Data provided
[Start of section]
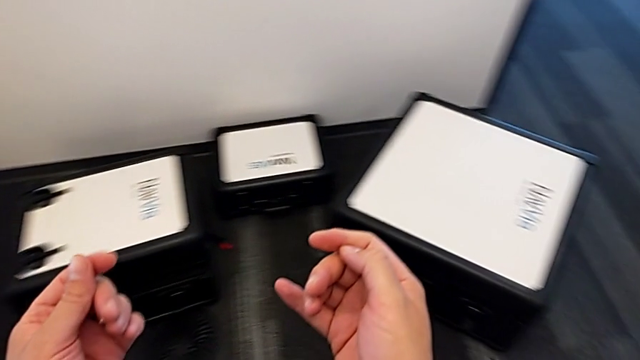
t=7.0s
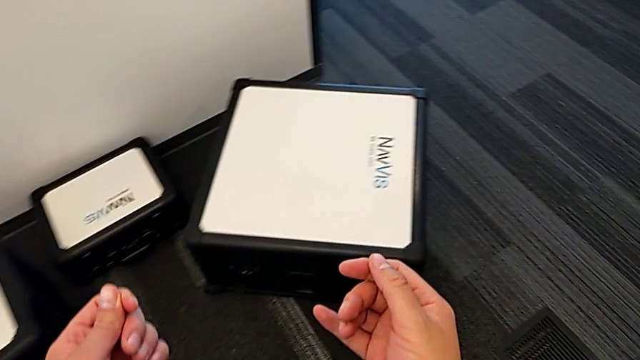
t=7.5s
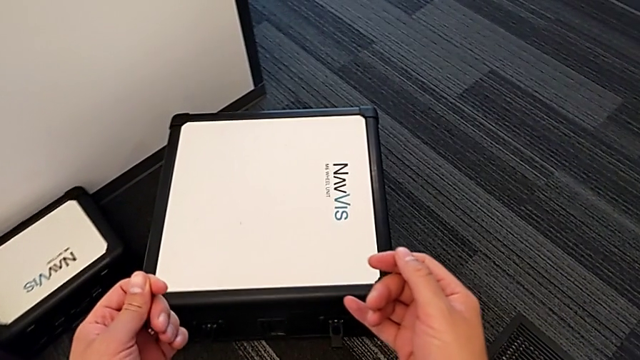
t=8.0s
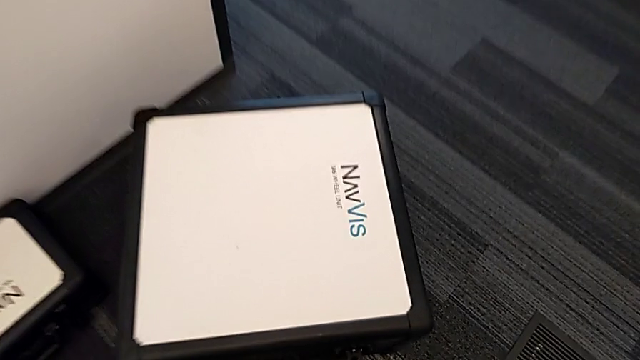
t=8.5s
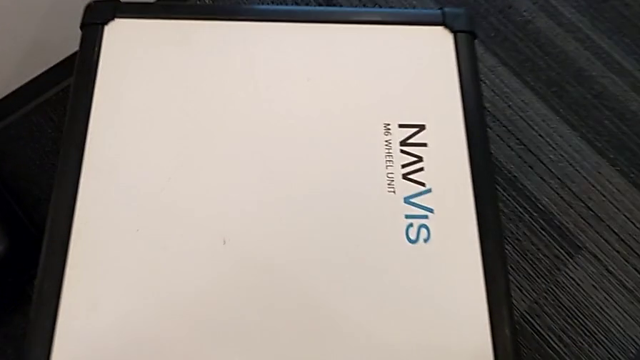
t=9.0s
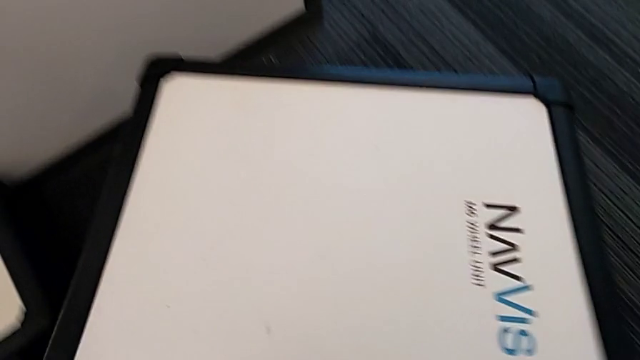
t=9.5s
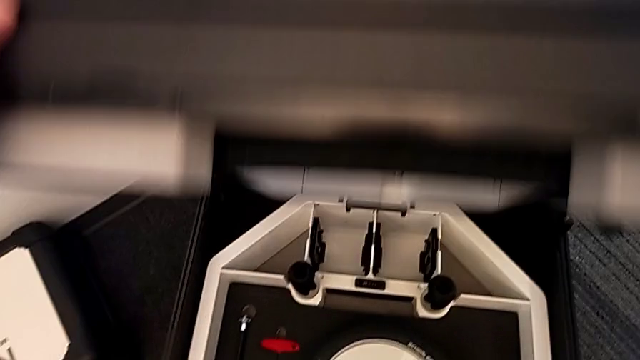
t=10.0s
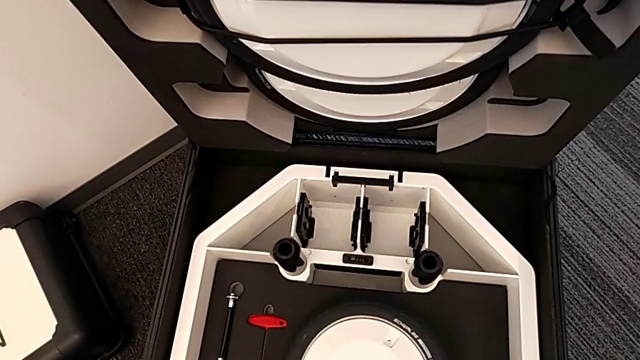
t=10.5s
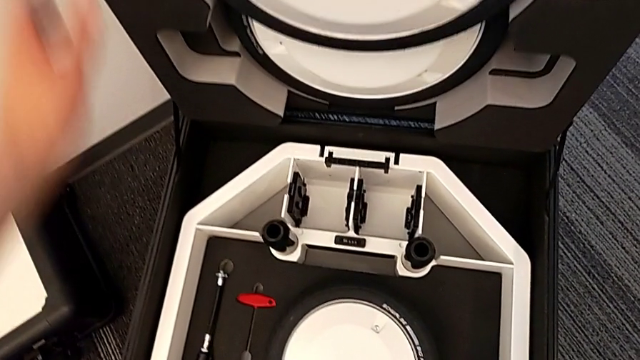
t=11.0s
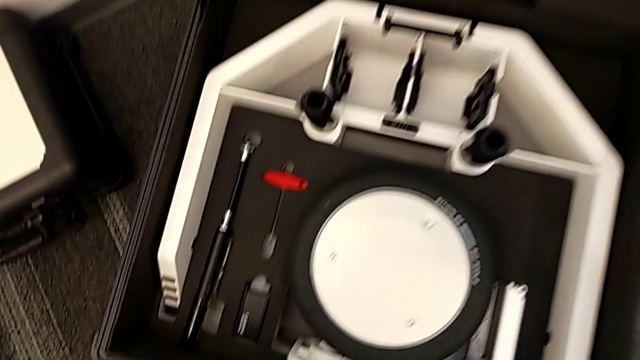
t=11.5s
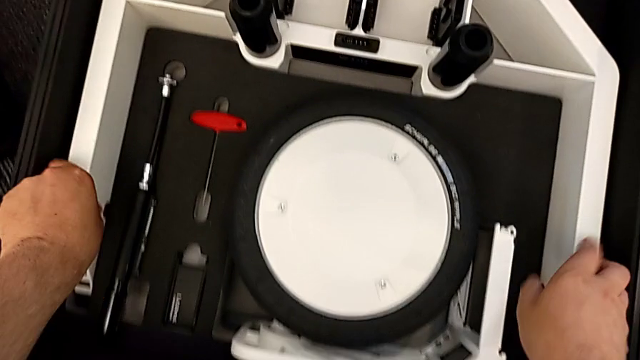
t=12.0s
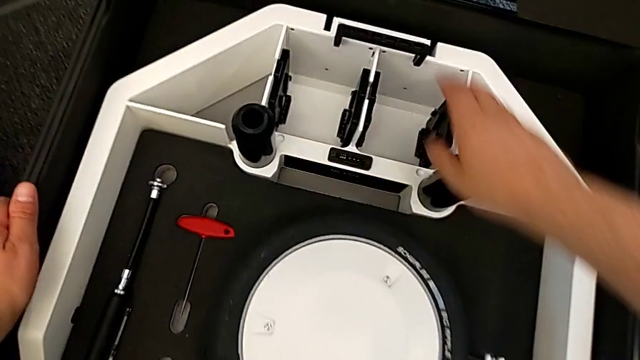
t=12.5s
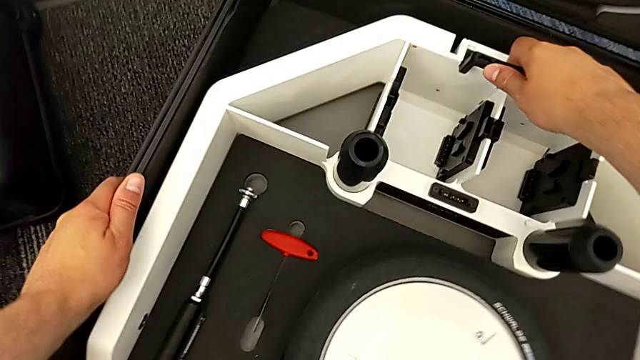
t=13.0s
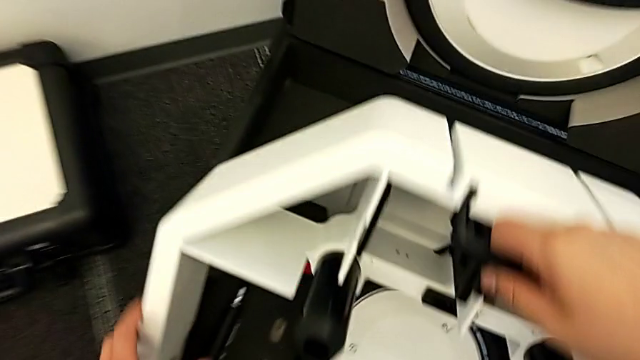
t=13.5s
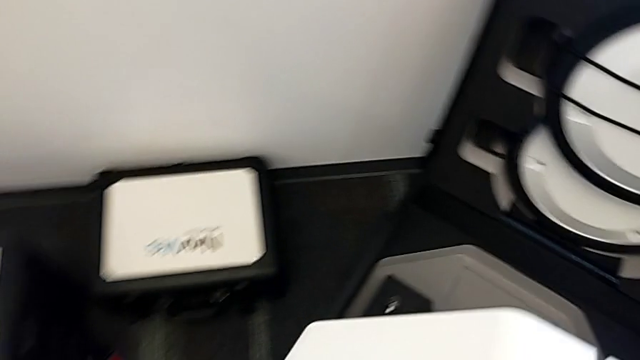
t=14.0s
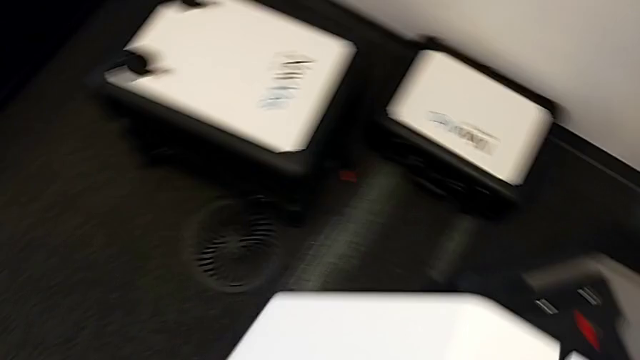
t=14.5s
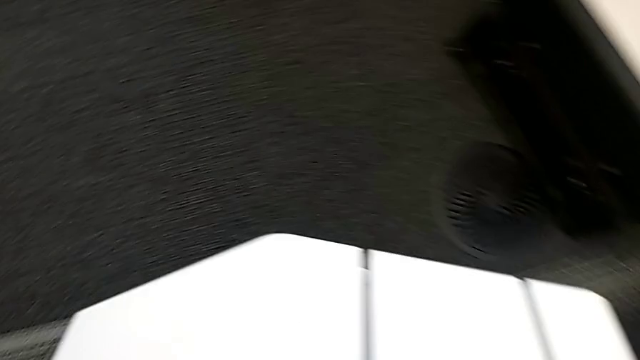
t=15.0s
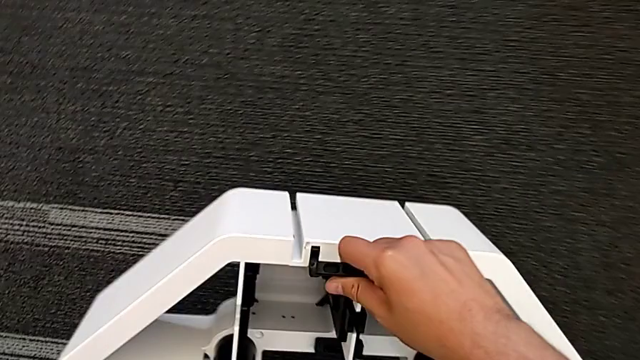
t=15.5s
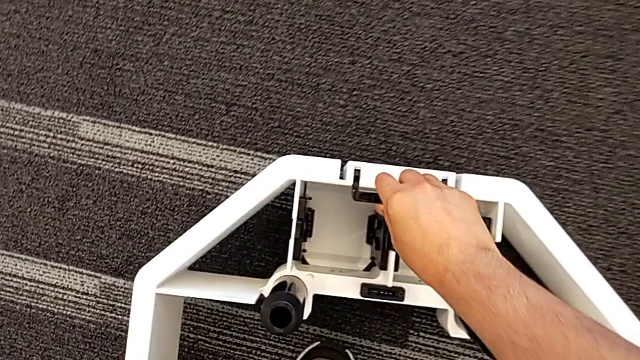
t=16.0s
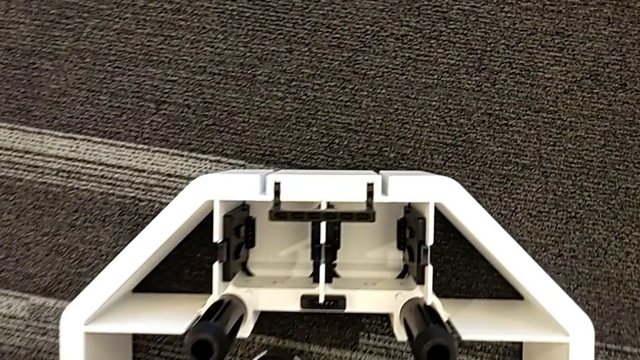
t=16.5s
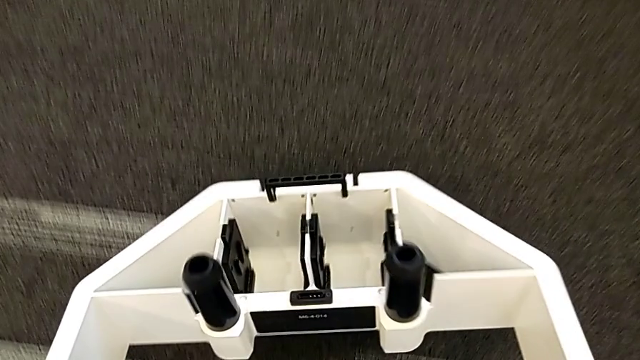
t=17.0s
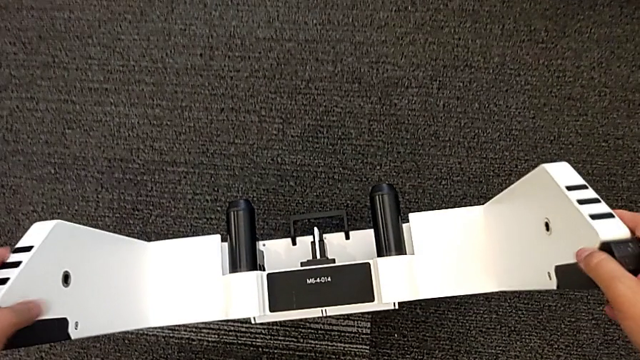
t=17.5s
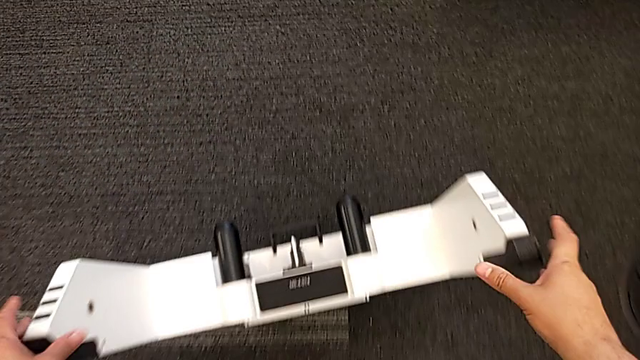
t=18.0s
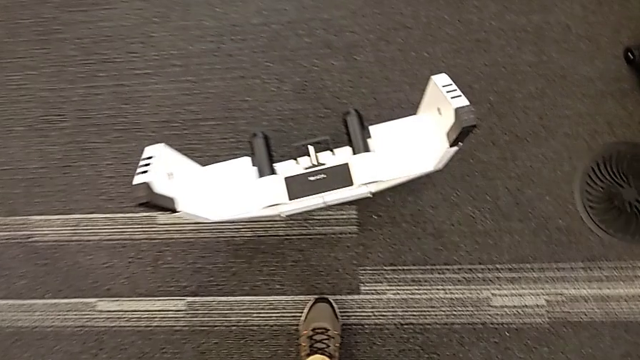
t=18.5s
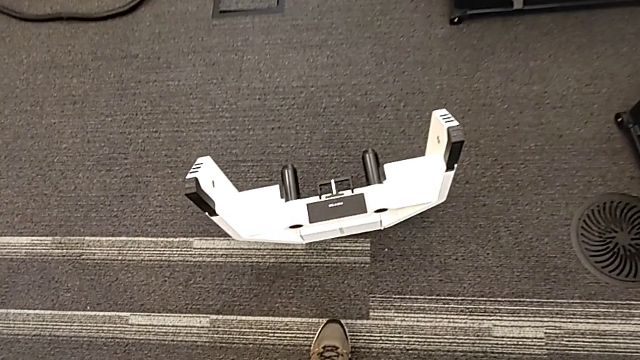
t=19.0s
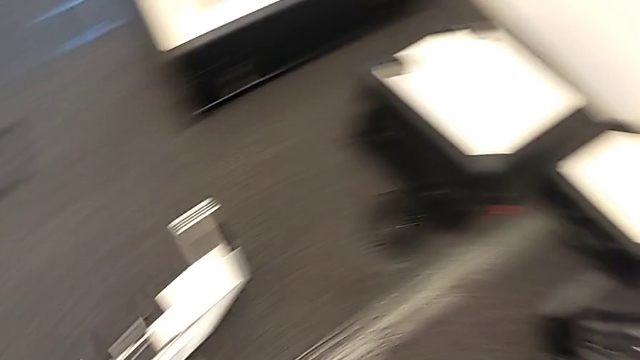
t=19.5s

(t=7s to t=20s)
The camera wearer grabs the base. They open the wheel box, grab the wheel, place it and flip it.
[End of section]
About this task
Each record above needs to be transcribed word for word, with its pictures omitted.

Exercise output
t=7.0s
t=7.5s
t=8.0s
t=8.5s
t=9.0s
t=9.5s
t=10.0s
t=10.5s
t=11.0s
t=11.5s
t=12.0s
t=12.5s
t=13.0s
t=13.5s
t=14.0s
t=14.5s
t=15.0s
t=15.5s
t=16.0s
t=16.5s
t=17.0s
t=17.5s
t=18.0s
t=18.5s
t=19.0s
t=19.5s

(t=7s to t=20s)
The camera wearer grabs the base. They open the wheel box, grab the wheel, place it and flip it.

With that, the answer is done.